I’ve actually know this since I was, oh, 16.

I’d definitely play something from “Sergeant Pepper’s Lonely Heats Club Band,” perhaps “A Day In the Life.” Something by Jimi Hendrix, either “Purple Haze” or his cover of “All Along the Watchtower.” And maybe something by Led Zeppelin. “The Immigrant Song,” or possibly “Kashmir.” Or maybe even “Moby Dick.”

Maybe for an encore I’d do “My Generation.”

They’d probably be all scratching their heads like when Marty went into the guitar improv at the end of “Johnny B. Goode.” But hey, give them about ten more years and they’ll be groovin’ on it.

I’d do early Beatles, like “I Wanna Hold Your Hand” and “She Loves You Yeah, Yeah, Yeah,” etc. Just a tad into the future, so the audience should find it acceptable, but still groundbreaking.

Oh, this is easy:

Whole Lotta Love, Led Zepplin
Rock Lobster, The B52s
I Love the Dead, Alice Cooper

I would expect stunned silence through the first song and then, after they finished dancing against their will to my second selection, a host of enraged citizens chasing me around with pitchforks and torches while I finish the set.

Freeeeebiiiirrd!

Something by Hendrix - Are you Experienced?, perhaps.

And I’d still play Johnny B. Goode, because it’s an awesome song.

That might get you that result, but if you want to guarantee it, replace your third number with Dead Babies.

Some awesome instrumentals, maybe.

Frankenstein - Edgar Winter Group
Hocus Pocus - Focus
YYZ - Rush

(Okay, maybe those need more than just a guitar…)

“White Lines” by Grandmaster Flash
Nothing else, I’d just play it 3 times.

Seek and Destroy - Metallica
Paranoid - Black Sabbath
We will rock you - Queen

I’m going with songs that I think the audience might like and relate to but that would also seem new and different. It would be tempting to try and shock and awe them with something more extreme.

My picks:
*Rebel, Rebel *by Bowie
That’s What I Like About You by The Romantics
Wicked Game by Chris Issac

Someone posed a somewhat similar question to me years ago, except it was along the lines of: “If an alien came down to earth and wanted to know what rock and roll music was, and you were only allowed one song to play for him to define the genre, what song would it be?”. I thought about this for a while and ultimately decided on Gloria by Them. Three chords, a hard driving beat, and screeching about sex - it perfectly sums up rock.
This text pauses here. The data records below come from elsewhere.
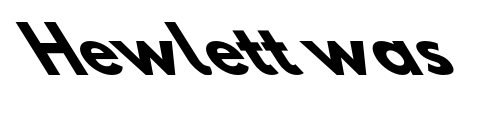
{"serif": "no", "bold": "yes", "weight": "heavy", "width": "normal", "stroke_contrast": "low", "x_height": "small", "monospaced": "no", "underline": "no", "letter_spacing": "normal", "letter_spacing_em": 0.0, "glyph_px": 62}
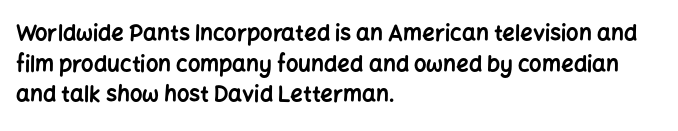
The image shows 22 px bold type, upright; set left-aligned, normal line spacing (1.39x), normal letter spacing, not underlined.
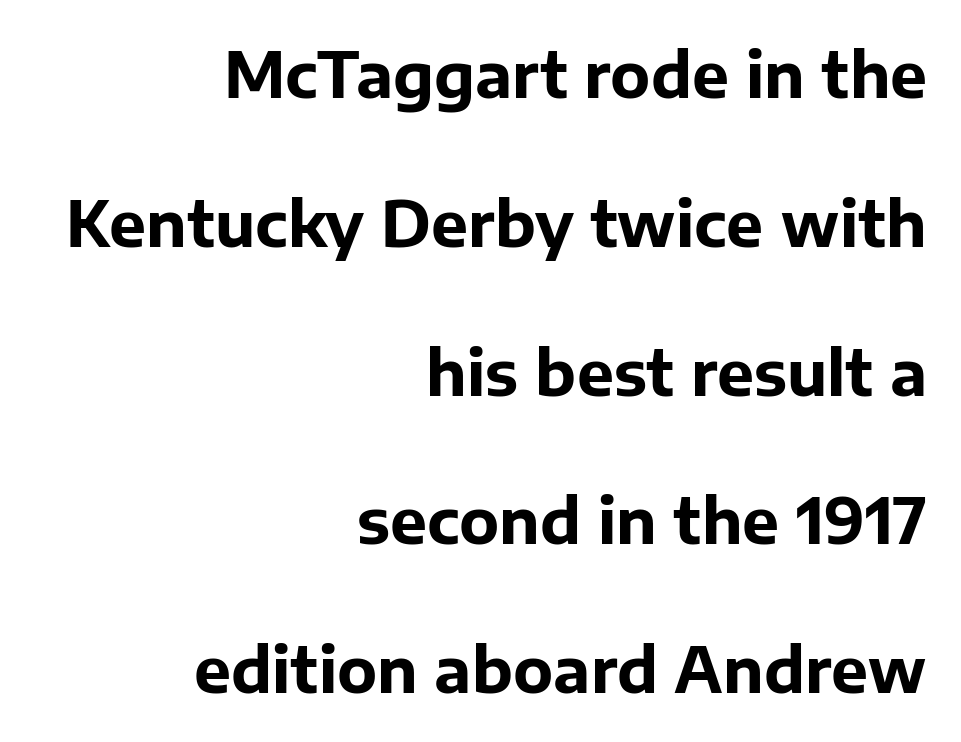
The space directly below the letters is spotless. The letters carry no serifs — their stems end cleanly without finishing strokes. There is no visible air inserted between adjacent glyphs. The face used here is proportionally spaced, like ordinary book or web type. Do the letters lean? They stand straight.
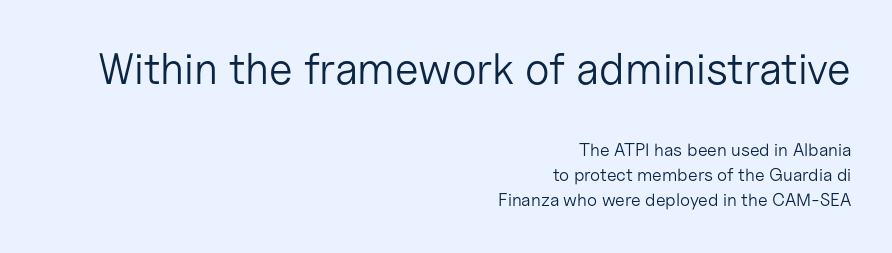
This sample keeps an unexceptional amount of space between lines. The earlier block is typeset at a bigger size than the later block. Varying glyph widths throughout — classic text-font behaviour. A student would call this right alignment; a typographer would say flush right, rag left. You can tell from the bare stems that sans-serif type was used. Quick note: not italic, upright.
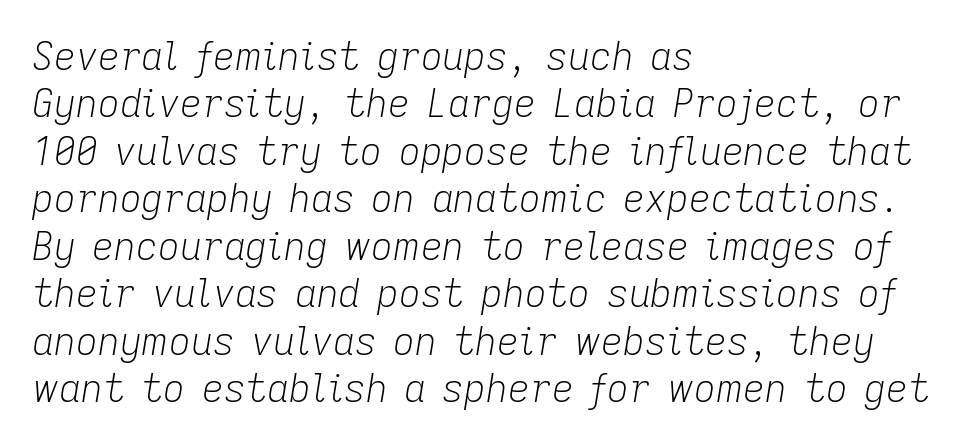
The image shows 38 px light type, italic (leaning right); set left-aligned, normal line spacing (1.25x), normal letter spacing, not underlined; low stroke contrast and a medium x-height.
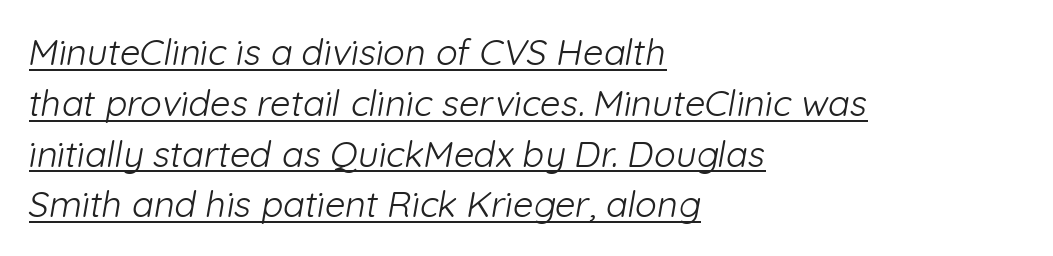
The image shows 36 px light sans-serif type; set left-aligned, normal line spacing (1.41x), normal letter spacing, underlined; low stroke contrast and a medium x-height.

I guess for this scenario, my other two songs would be… Anarchy In The UK by the Sex Pistols and, well, Johnny B. Goode. I don’t think they’d particularly take to Anarchy, but that’s kind of the point, isn’t it?

Open with: Sympathy for the devil by the Stones

Slow things down with: Stripped down version of Home Sweet Home by Motley Crue

Close with: Born to Run by Springsteen which will (in my mind) just blow the roof off the sucker…

This is one I’ve spent probably more time than is healthy thinking about before. :slight_smile: If I had a time machine, there are hundreds of songs I’d want to steal and play for earlier audiences.

I wouldn’t want to be Marty McFly; I’d rather be myself, with a voice worth listening to, of course. And with a backing band I’d had a chance to rehearse with. Most of those songs I’d like to play were originally by male artists, and end up displaying interesting twists on the power relationship between the sexes even if the lyrics are altered to keep them heterosexual songs.

But, limited to just three, I think I’d just stick to Grrl songs:

“Dreams”, Cranberries
“Just a Girl”, No Doubt
“Bitch”, Meredith Brooks. Strickland would be charging the stage to shut us down the instant we hit the first refrain, so perhaps change that word to “witch” in the lyrics.

If we didn’t have to worry about Strickland et al shutting us down, I wouldn’t change “Bitch” and I’d replace the first two songs with these to see the reactions:

“Manic Monday”, Bangles (woman works 9-5 to support her unemployed boytoy)
“I Kissed a Girl”, Jill Sobule (not the completely different song by Katy Perry)
*** Ponder

Paranoid Android by Radiohead,
I Confess by English Beat,
and, of course, Fuck You by Cee Lo Green.

I’d play “Summertime Blues”, “Peggy Sue” and “Whole Lotta Shakin’ Goin’ On”.

The audience would go nuts, a talent scout in the audience would sign me up and I’d go on to be bigger than Elvis (assuming of course that I could keep churning out hits a couple of years ahead of their time).